Broderick oversaw the renewal of football at Old Dominion in 2009, with the Monarchs posting the most successful record of any start-up team in FCS history. He served on the NCAA board of directors and as chair of the President's Football Championship Series advisory committee. This past spring, the University announced a membership agreement with Conference USA and a reclassification of its football program from the NCAA Division I Football Championship Subdivision to the Football Bowl Subdivision.

In 2011, they created the Broderick-Evon Award for Community Engagement and Service with the help of other family members who choose to remain anonymous. The award recognizes students who have demonstrated a commitment to service and civic engagement to the university and surrounding community through superior leadership and service. The award, named in honor of President and Mrs. Broderick's mothers, was presented for the first time on May 3, 2012 at the University's annual Student Honors and Awards Dinner.

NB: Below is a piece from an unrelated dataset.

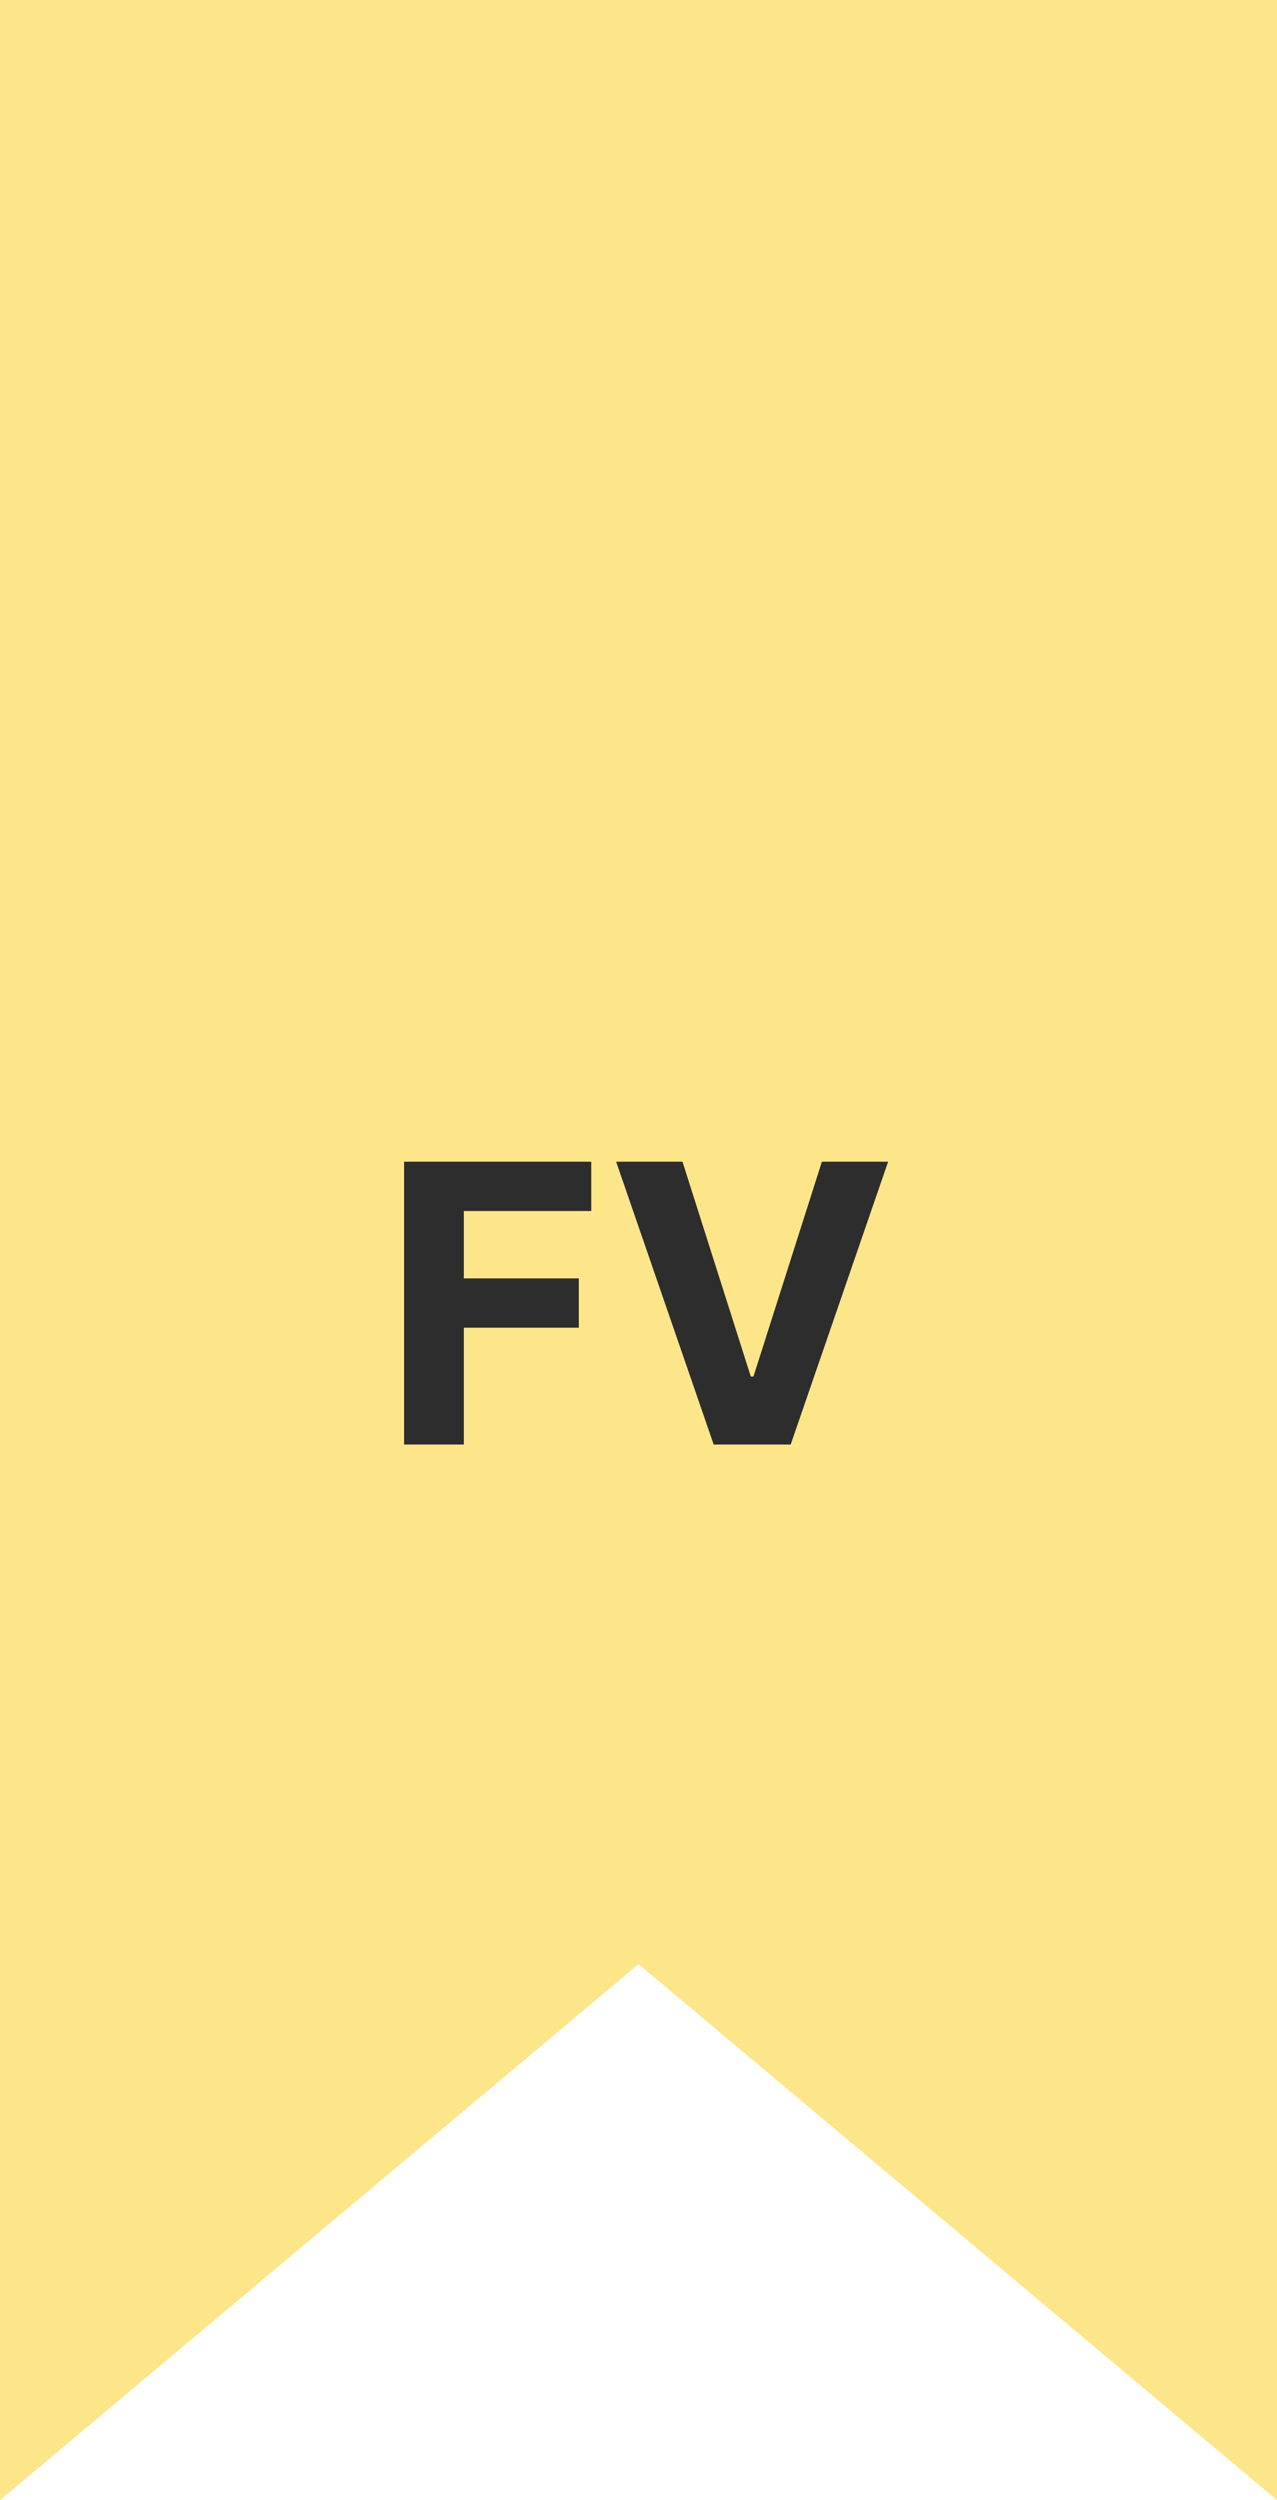 <svg width="23" height="45" viewBox="0 0 23 45" fill="none" xmlns="http://www.w3.org/2000/svg">
<path d="M23 45L11.501 35.353L0 45V0H23V45Z" fill="#FDE68A"/>
<path d="M7.278 26L7.278 20.909H10.649V21.797H8.354V23.01H10.425V23.897H8.354V26H7.278ZM12.292 20.909L13.523 24.777H13.57L14.803 20.909L15.996 20.909L14.241 26H12.854L11.097 20.909H12.292Z" fill="#2D2D2D"/>
</svg>

The University's Board of Visitors voted in 2012 to extend his contract to 2017. In May 2020, Broderick announced his retirement as the University's president to take effect after the hiring of a suitable replacement. In February 2021, Broderick's successor, Dr. Brian Hemphill, the president of Radford University, was announced.

=== Leadership positions ===
Throughout his career, Broderick has been actively engaged in numerous community and professional organizations. He currently serves as one of six college presidents on the Governor's Commission on Higher Education Reform, Innovation and Investment, is a representative to the American Association of State Colleges and Universities Council of State Representatives, and is a board member of the Hampton Roads Partnership, Urban League and MacArthur Foundation.

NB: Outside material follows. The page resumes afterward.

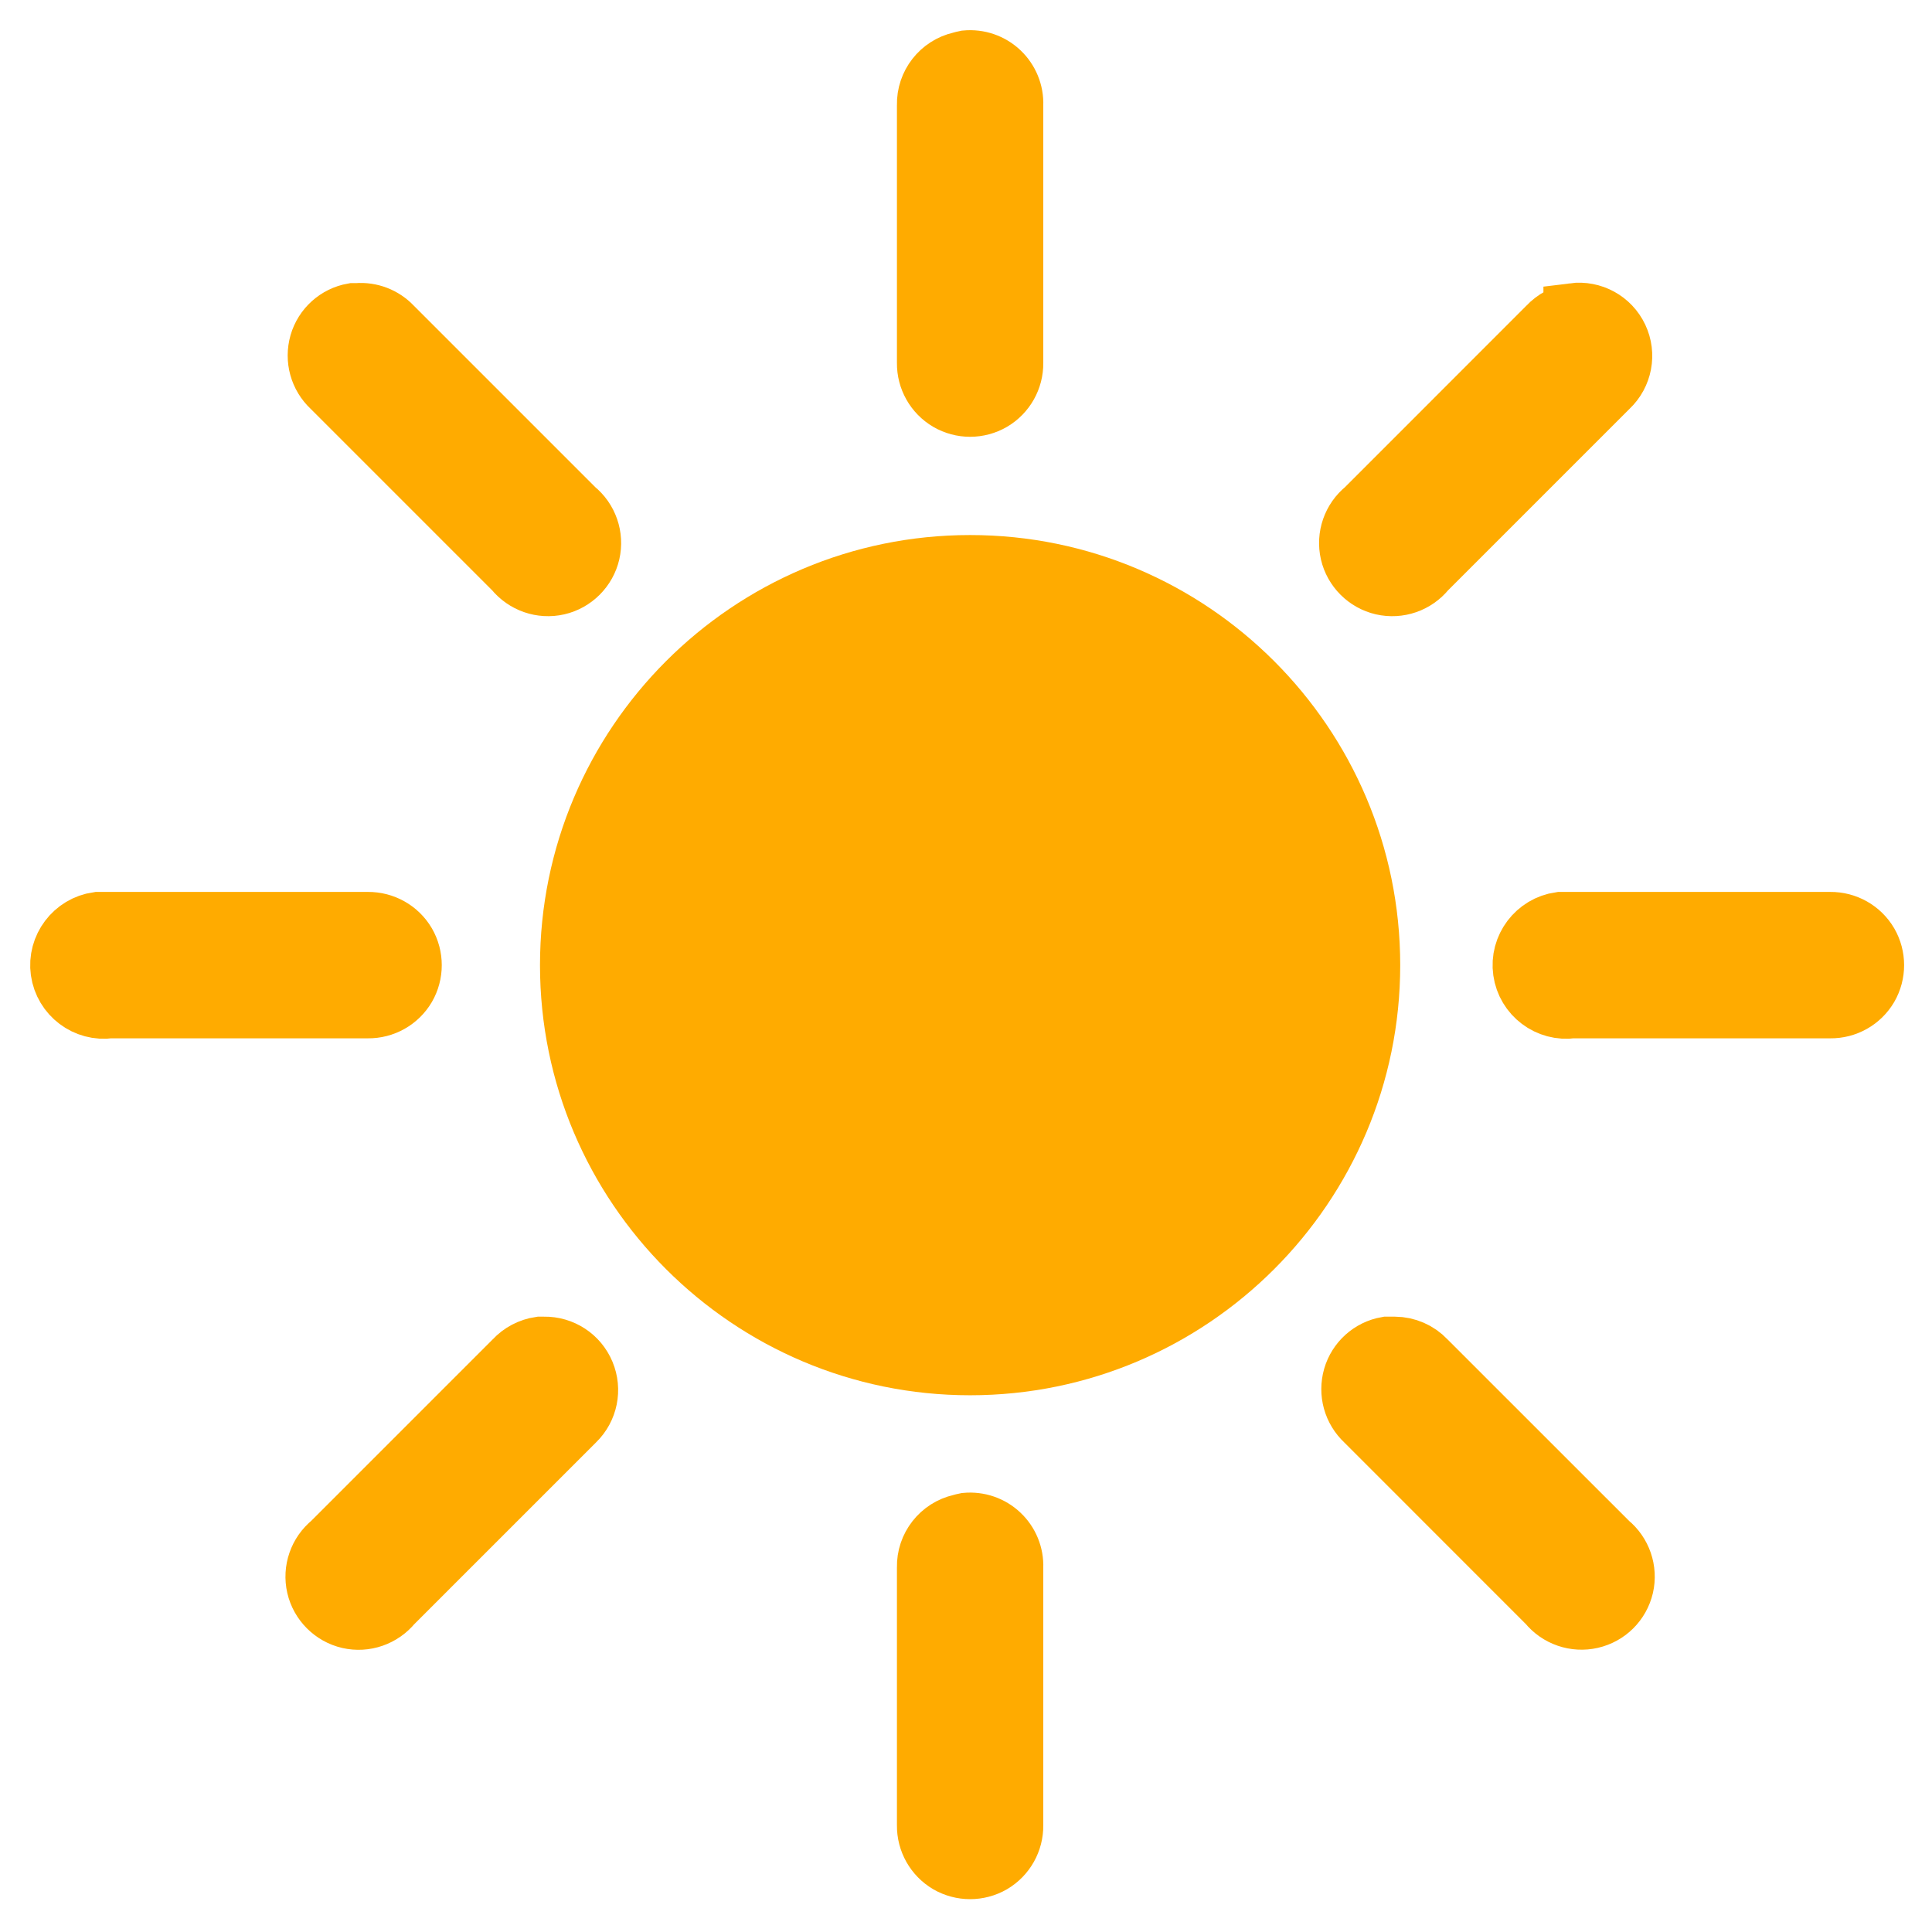 <svg xmlns="http://www.w3.org/2000/svg" xmlns:xlink="http://www.w3.org/1999/xlink" style="isolation:isolate" viewBox="0 0 32 32" width="32pt" height="32pt"><defs><clipPath id="_clipPath_EEvVj2bfcQo7jYrDhS1DaCmchNAs79rA"><rect width="32" height="32"/></clipPath></defs><g clip-path="url(#_clipPath_EEvVj2bfcQo7jYrDhS1DaCmchNAs79rA)"><path d="M16.001 1.003C15.97 1.009 15.94 1.017 15.912 1.025 15.581 1.1 15.348 1.398 15.356 1.738V6.012C15.353 6.269 15.487 6.507 15.709 6.638 15.932 6.767 16.204 6.767 16.427 6.638 16.649 6.507 16.783 6.268 16.78 6.012V1.738C16.788 1.533 16.706 1.335 16.557 1.194 16.408 1.053 16.205.984 16.001 1.003z" fill="rgb(255,171,0)" stroke-width="1" stroke="rgb(255,171,0)" stroke-linejoin="miter" stroke-linecap="butt" stroke-miterlimit="4"/><path d="M5.849 5.189C5.584 5.236 5.368 5.43 5.293 5.689 5.218 5.951 5.296 6.229 5.493 6.412L8.521 9.44C8.693 9.652 8.97 9.749 9.236 9.688 9.5 9.627 9.709 9.418 9.77 9.154 9.831 8.888 9.735 8.61 9.523 8.439L6.495 5.411C6.346 5.253 6.133 5.171 5.916 5.189H5.849z" fill="rgb(255,171,0)" stroke-width="1" stroke="rgb(255,171,0)" stroke-linejoin="miter" stroke-linecap="butt" stroke-miterlimit="4"/><path d="M26.064 5.189C25.902 5.212 25.753 5.291 25.641 5.411L22.614 8.439C22.401 8.61 22.305 8.888 22.366 9.154 22.427 9.418 22.636 9.627 22.9 9.688 23.167 9.749 23.443 9.653 23.615 9.44l3.028-3.028C26.867 6.201 26.93 5.869 26.798 5.59 26.666 5.311 26.37 5.149 26.064 5.188V5.189z" fill="rgb(255,171,0)" stroke-width="1" stroke="rgb(255,171,0)" stroke-linejoin="miter" stroke-linecap="butt" stroke-miterlimit="4"/><path d="M16.068 8.862c-3.93.0-7.124 3.194-7.124 7.124.0 3.929 3.194 7.124 7.124 7.124 3.93.0 7.124-3.195 7.124-7.124.0-3.93-3.194-7.124-7.124-7.124z" fill="rgb(255,171,0)"/><path d="M1.62 15.273C1.227 15.329.952 15.694 1.007 16.086 1.063 16.478 1.427 16.754 1.82 16.698H6.094C6.351 16.701 6.59 16.567 6.721 16.345 6.849 16.123 6.849 15.849 6.721 15.627 6.59 15.404 6.35 15.271 6.094 15.273H1.62z" fill="rgb(255,171,0)" stroke-width="1" stroke="rgb(255,171,0)" stroke-linejoin="miter" stroke-linecap="butt" stroke-miterlimit="4"/><path d="M25.842 15.273C25.449 15.329 25.173 15.694 25.229 16.086 25.284 16.478 25.649 16.754 26.042 16.698h4.274C30.573 16.701 30.811 16.567 30.942 16.345 31.07 16.123 31.07 15.849 30.942 15.627 30.811 15.404 30.572 15.271 30.316 15.273H25.842z" fill="rgb(255,171,0)" stroke-width="1" stroke="rgb(255,171,0)" stroke-linejoin="miter" stroke-linecap="butt" stroke-miterlimit="4"/><path d="M8.944 22.308C8.782 22.332 8.632 22.411 8.521 22.531L5.493 25.559C5.281 25.731 5.185 26.008 5.246 26.274 5.307 26.538 5.516 26.747 5.78 26.808 6.047 26.869 6.322 26.772 6.495 26.561l3.028-3.028C9.733 23.329 9.796 23.017 9.683 22.747 9.57 22.476 9.304 22.303 9.011 22.308H8.944z" fill="rgb(255,171,0)" stroke-width="1" stroke="rgb(255,171,0)" stroke-linejoin="miter" stroke-linecap="butt" stroke-miterlimit="4"/><path d="M22.97 22.308C22.704 22.355 22.488 22.55 22.413 22.809 22.338 23.071 22.416 23.349 22.614 23.533l3.027 3.028C25.813 26.772 26.09 26.867 26.355 26.806 26.621 26.745 26.828 26.539 26.89 26.274 26.951 26.008 26.855 25.73 26.643 25.558l-3.028-3.027C23.482 22.39 23.297 22.31 23.103 22.308H22.97z" fill="rgb(255,171,0)" stroke-width="1" stroke="rgb(255,171,0)" stroke-linejoin="miter" stroke-linecap="butt" stroke-miterlimit="4"/><path d="M16.001 25.225C15.97 25.231 15.94 25.239 15.912 25.247 15.581 25.322 15.348 25.62 15.356 25.959v4.275C15.353 30.49 15.487 30.729 15.709 30.86 15.932 30.988 16.204 30.988 16.427 30.86 16.649 30.729 16.783 30.49 16.78 30.234V25.959C16.788 25.755 16.706 25.556 16.557 25.416 16.408 25.275 16.205 25.206 16.001 25.225z" fill="rgb(255,171,0)" stroke-width="1" stroke="rgb(255,171,0)" stroke-linejoin="miter" stroke-linecap="butt" stroke-miterlimit="4"/></g></svg>

He has lectured on leadership for a variety of institutions and organizations, including the University of Bologna and the Virginia Chamber of Commerce Executive Association.

He has also enjoyed many years as a youth soccer league coach in Chesapeake.

==Honors and awards==
At St. Bonaventure University’s 166th undergraduate commencement held in May 2026, Broderick received an honorary doctorate for his contribution to higher education. Kate Broderick was presented the first Distinguished Graduate School Alumnus Award and also delivered the address at that ceremony.

Broderick has been recognized for his contributions to higher education and the Hampton Roads community with the American College Personnel Association's Contribution to Higher Education Award, Virginia Center for Inclusive Communities' Humanitarian Award, the Urban League of Hampton Roads' Marian Palmer Capps Award, the College Communicators Association Distinguished Service Award, Lead Hampton Roads' Julian F. Hirst Award for excellence in community, civic and professional leadership, and a 2011 Visionary Award from the Hampton Roads Chamber of Commerce. He was a finalist for the national PR News' Professional of the Year Award.

In 2016, Old Dominion University named its newest dining hall in honor of Broderick and his wife "at the request of student leaders, for spearheading inclusion initiatives and to recognize their commitment to student success."

Additionally, under his guidance, the university has been named a Chronicle of Higher Education's "Great Place to Work" for two consecutive years.